Como suele pasar en toda familia de deportistas, los comienzos surgen por influencia de los cercanos: "yo arranqué porque mi hermano jugaba en Bohemios". La inquieta niña que vivía entre deporte y deporte terminó en la naranja porque "esto me atrapó". Antes pasó por hándbol, ajedrez, fútbol mixto y femenino, karate y hasta tenis "donde realmente era buena".

Hoy vive y respira básquet.
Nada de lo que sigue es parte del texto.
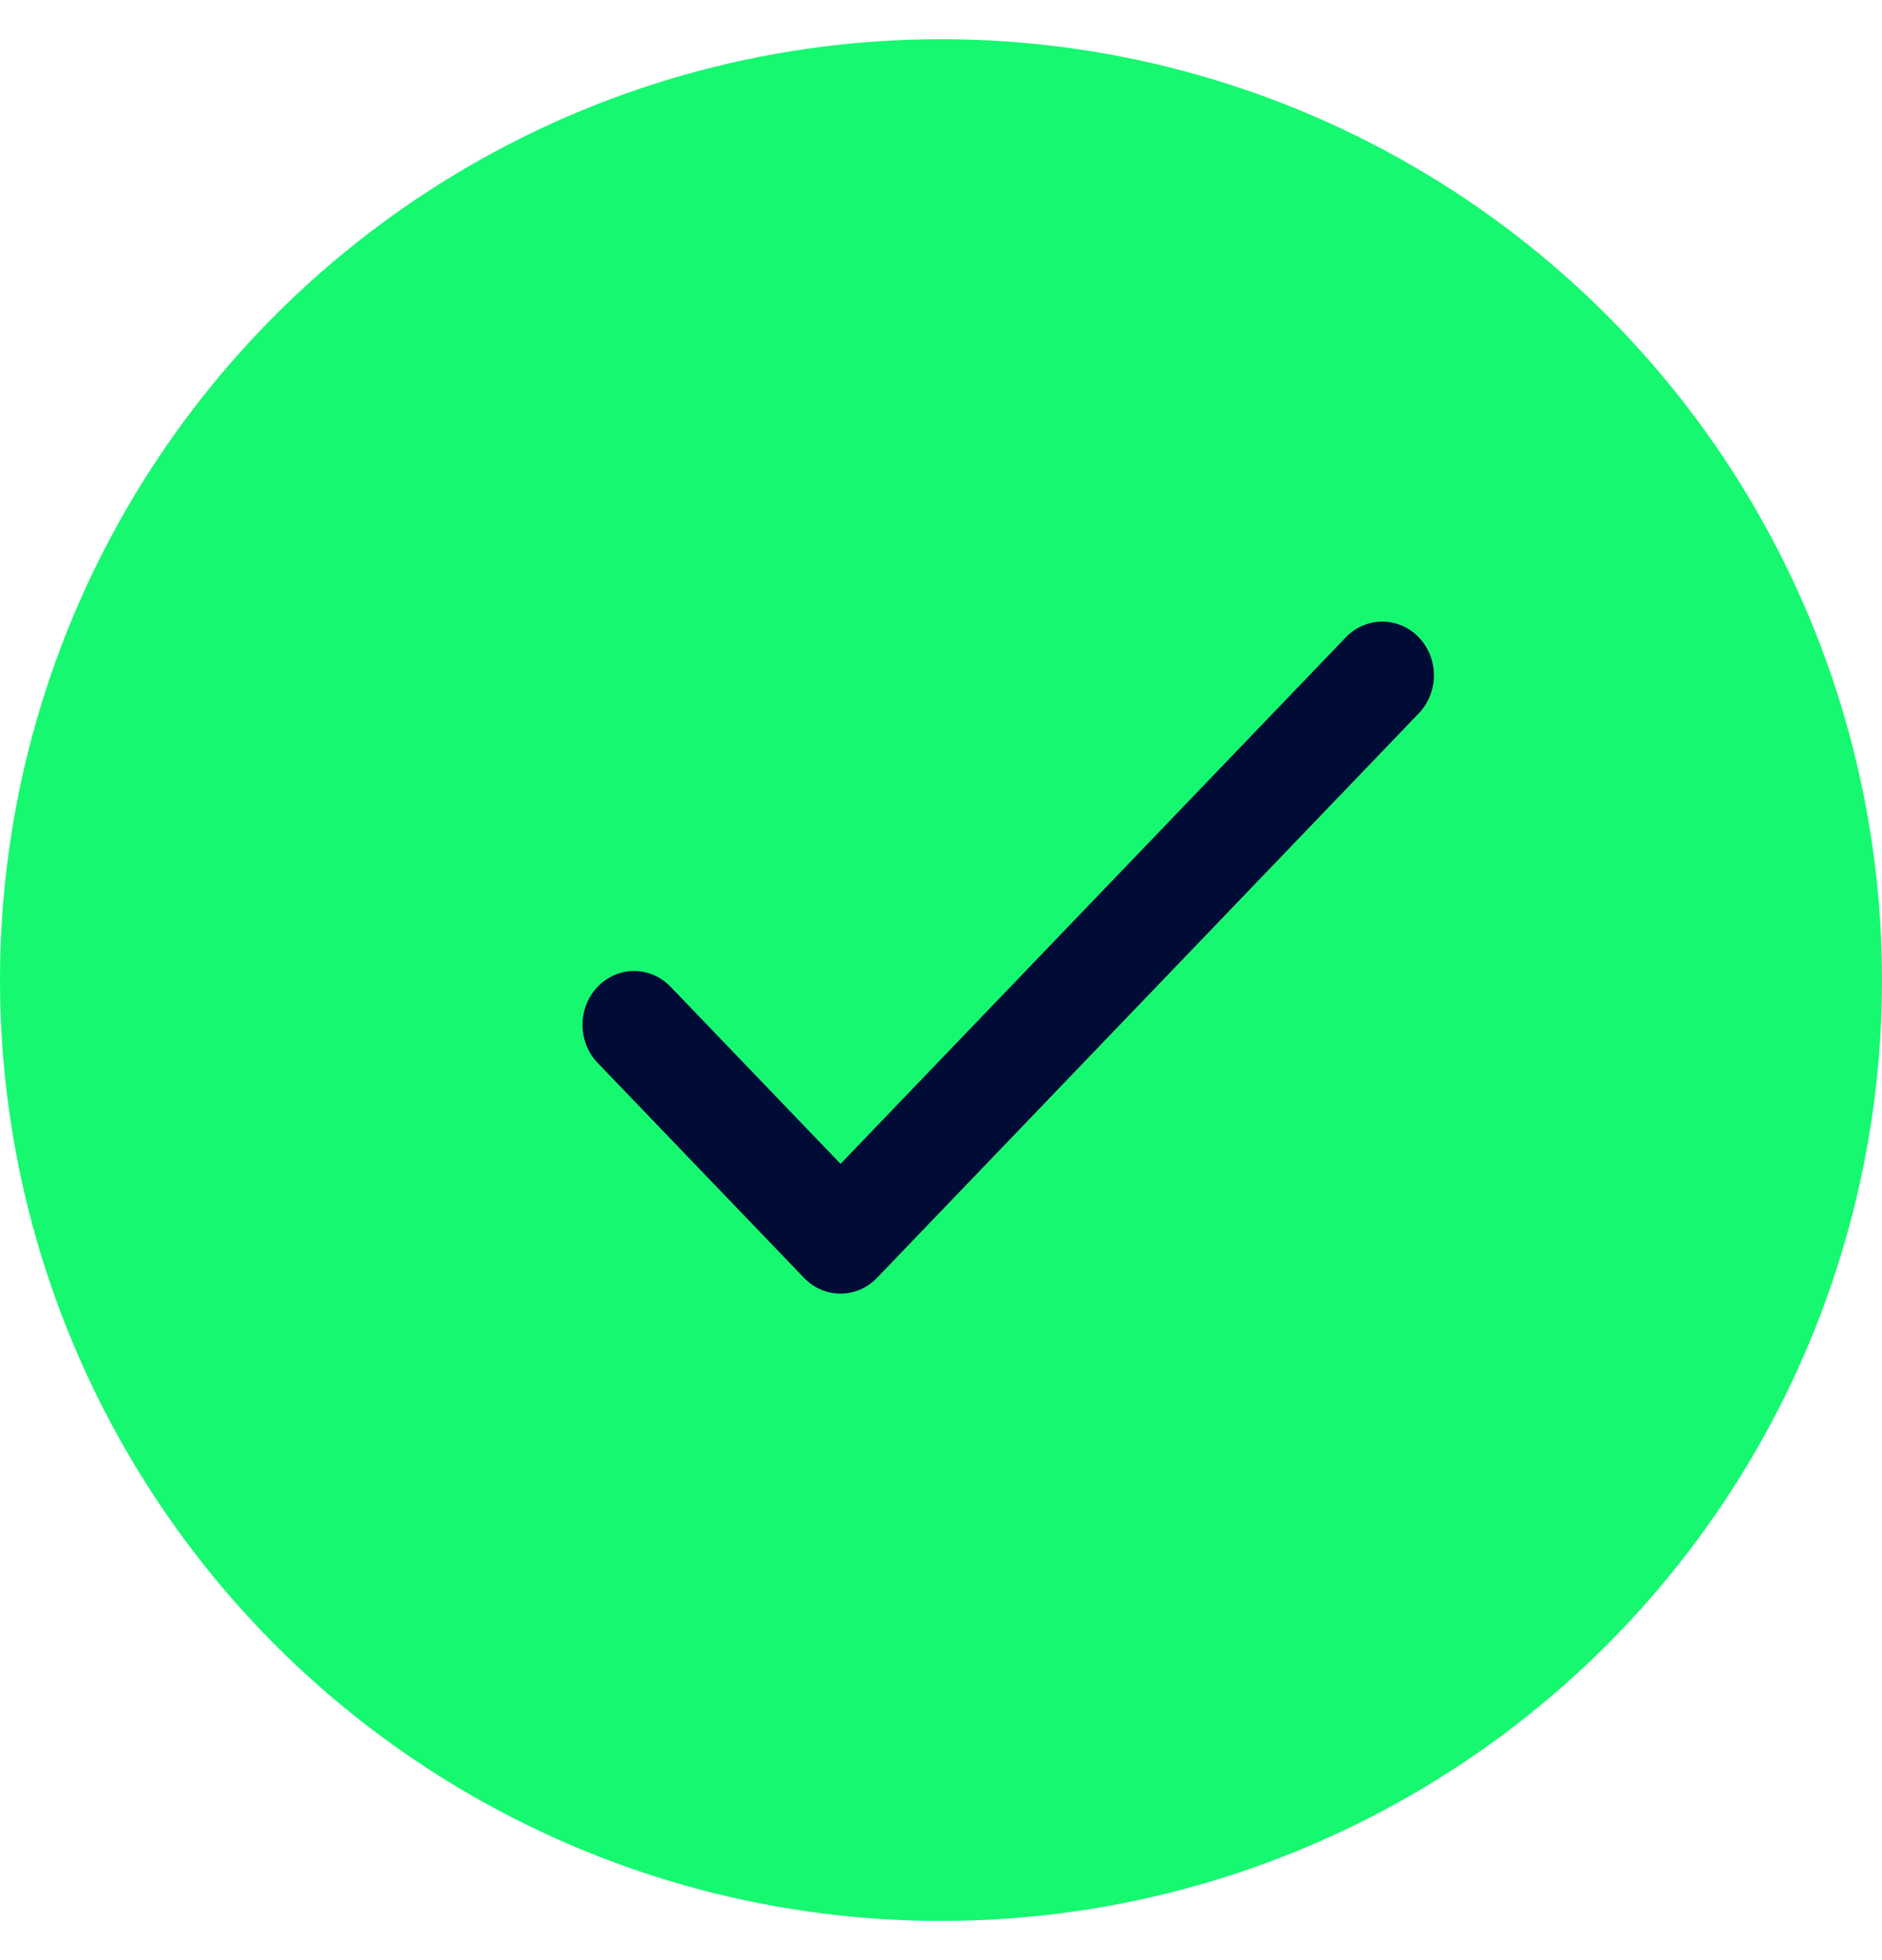 <svg width="24" height="25" viewBox="0 0 24 25" fill="none" xmlns="http://www.w3.org/2000/svg">
<circle cx="12" cy="12.5" r="12" fill="#17F871"/>
<path fill-rule="evenodd" clip-rule="evenodd" d="M18.093 8.129C18.35 8.396 18.35 8.831 18.093 9.098L11.184 16.298C10.927 16.566 10.51 16.566 10.253 16.298L7.621 13.556C7.364 13.288 7.364 12.854 7.621 12.586C7.878 12.318 8.295 12.318 8.552 12.586L10.719 14.844L17.162 8.129C17.419 7.861 17.836 7.861 18.093 8.129Z" fill="#000B36"/>
</svg>

Todo es color de rosa y jamás se imaginó haber logrado lo conseguido hasta el momento porque comenzó en esto "por diversión". Los años fueron pasando y a los quince tomó la decisión más importante de su vida: "me dediqué más porque soñaba con ser profesional".

Sus inicios en la escuelita junto a Pablo Protto y Santiago Gómez fueron el comienzo de esta corta pero proyectada carrera, que fue conjunta a otro proyecto interensantísimo que tiene nuestro deporte: Santiago Vescovi. Bohemios es su casa y al hacer deporte es cuando se siente más cómoda. Mucho cambió desde aquella niña que debutó en pre-mini: "yo veía al básquet como un deporte donde pasaba bien y hoy lo veo como forma y estilo de vida. Me levanto y duermo pensando en él".

El haber arrancado jugado con varones la ayudó y la convirtió en lo que es hoy: "te da otro roce, otro tipo de juego". Pasó al femenino y la diferencia en el rectángulo de juego ya se notaba: "te das cuenta que mujer jugó con varones y cuál no. A mi no me importaba nada, iba al choque".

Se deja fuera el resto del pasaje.